(Stored data entries)
=======

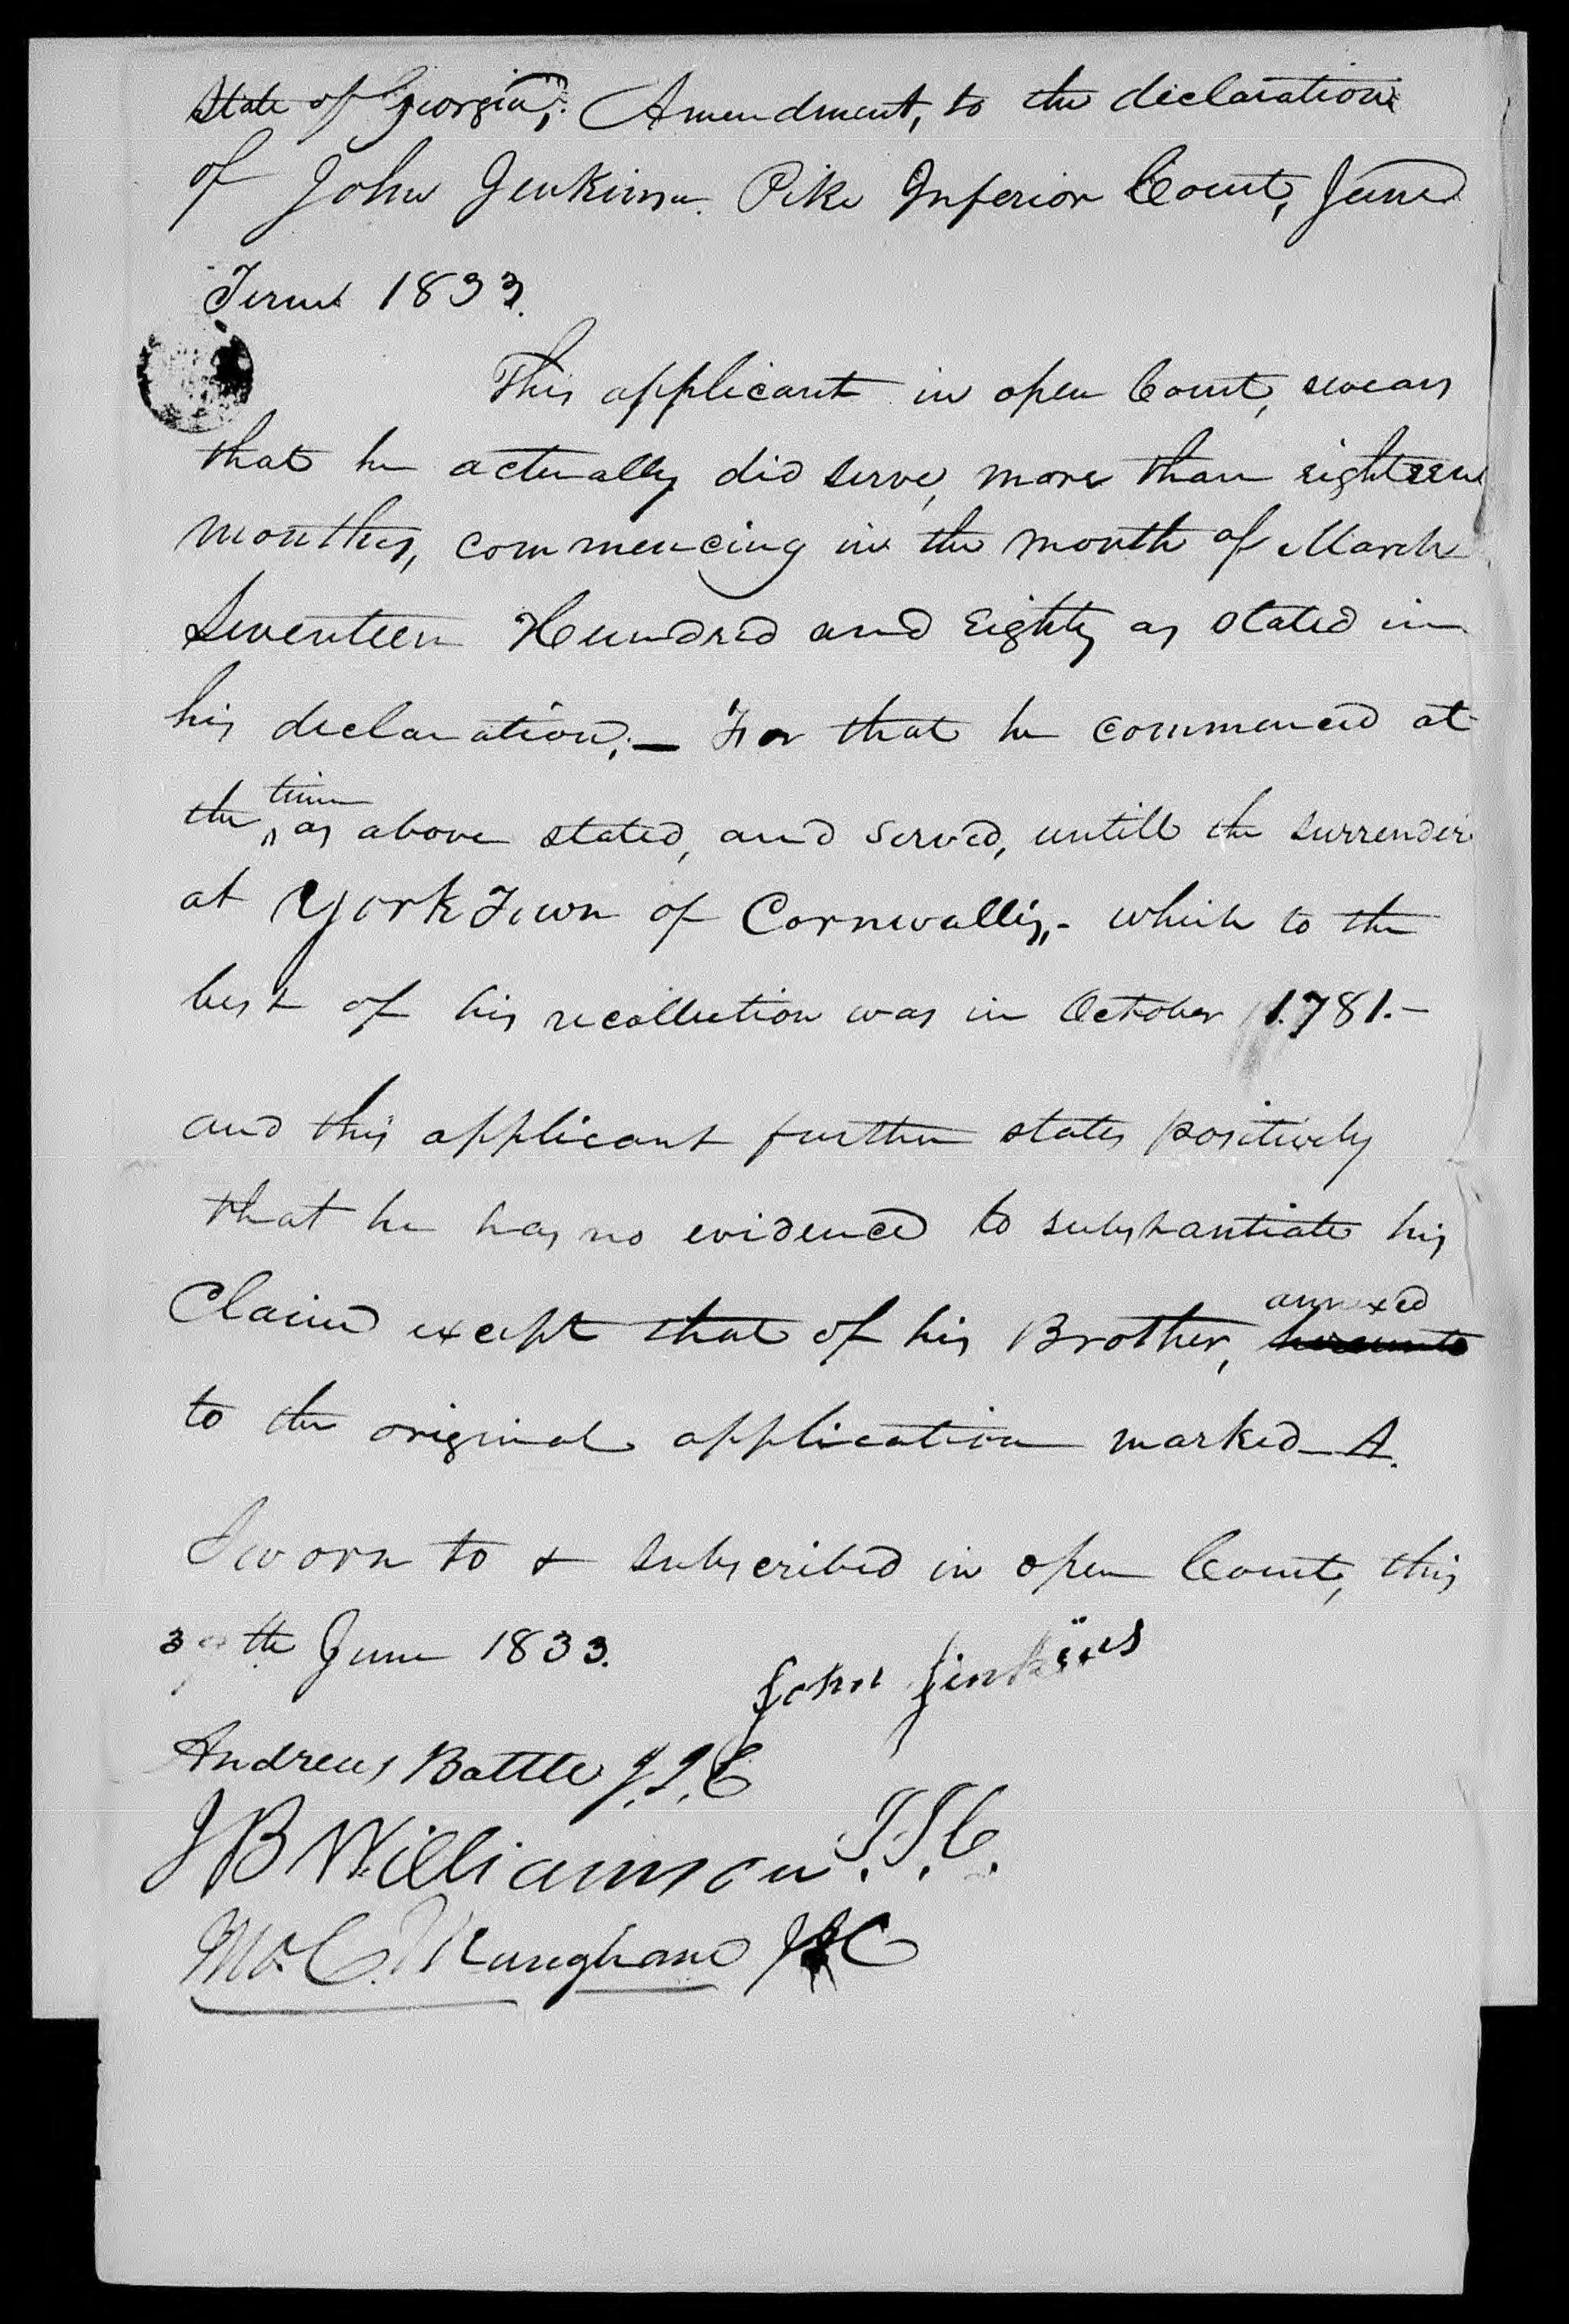State of Georgia, Amendment, to the declaration of John Jenkins. Pike Inferior Court, June Term 1833.
This applicant in open Court, swears
that he actually did serve more than eighteen
months, commencing in the month of March
Seventeen Hundred and eighty as stated in
his declaration. For that he commenced at
the time as above stated, and served untill the surrender at York Town of Cornwallis, which to the best of his recollection was in October 1781. and this applicant further states positively that he has no evidence to substantiate his claim except that of his Brother, annexed to the original application marked A.
Sworn to & subscribed in open Court, this 30th June 1833.
John Jenkins
Andrews Battle .J.I.C
J B Williamson J.I.C.
Mo C. Maughan JIC

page: 32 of 55
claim: widow's
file: W. 7894, for John Jenkins, Virginia

=======

WHAT YOU ARE ASKED TO DO: Every line from the one that holds "the time as" to the end of the data above should be given again exactly, with that line and the last one both kept.

EXERCISE RESULT:
the time as above stated, and served untill the surrender at York Town of Cornwallis, which to the best of his recollection was in October 1781. and this applicant further states positively that he has no evidence to substantiate his claim except that of his Brother, annexed to the original application marked A.
Sworn to & subscribed in open Court, this 30th June 1833.
John Jenkins
Andrews Battle .J.I.C
J B Williamson J.I.C.
Mo C. Maughan JIC

page: 32 of 55
claim: widow's
file: W. 7894, for John Jenkins, Virginia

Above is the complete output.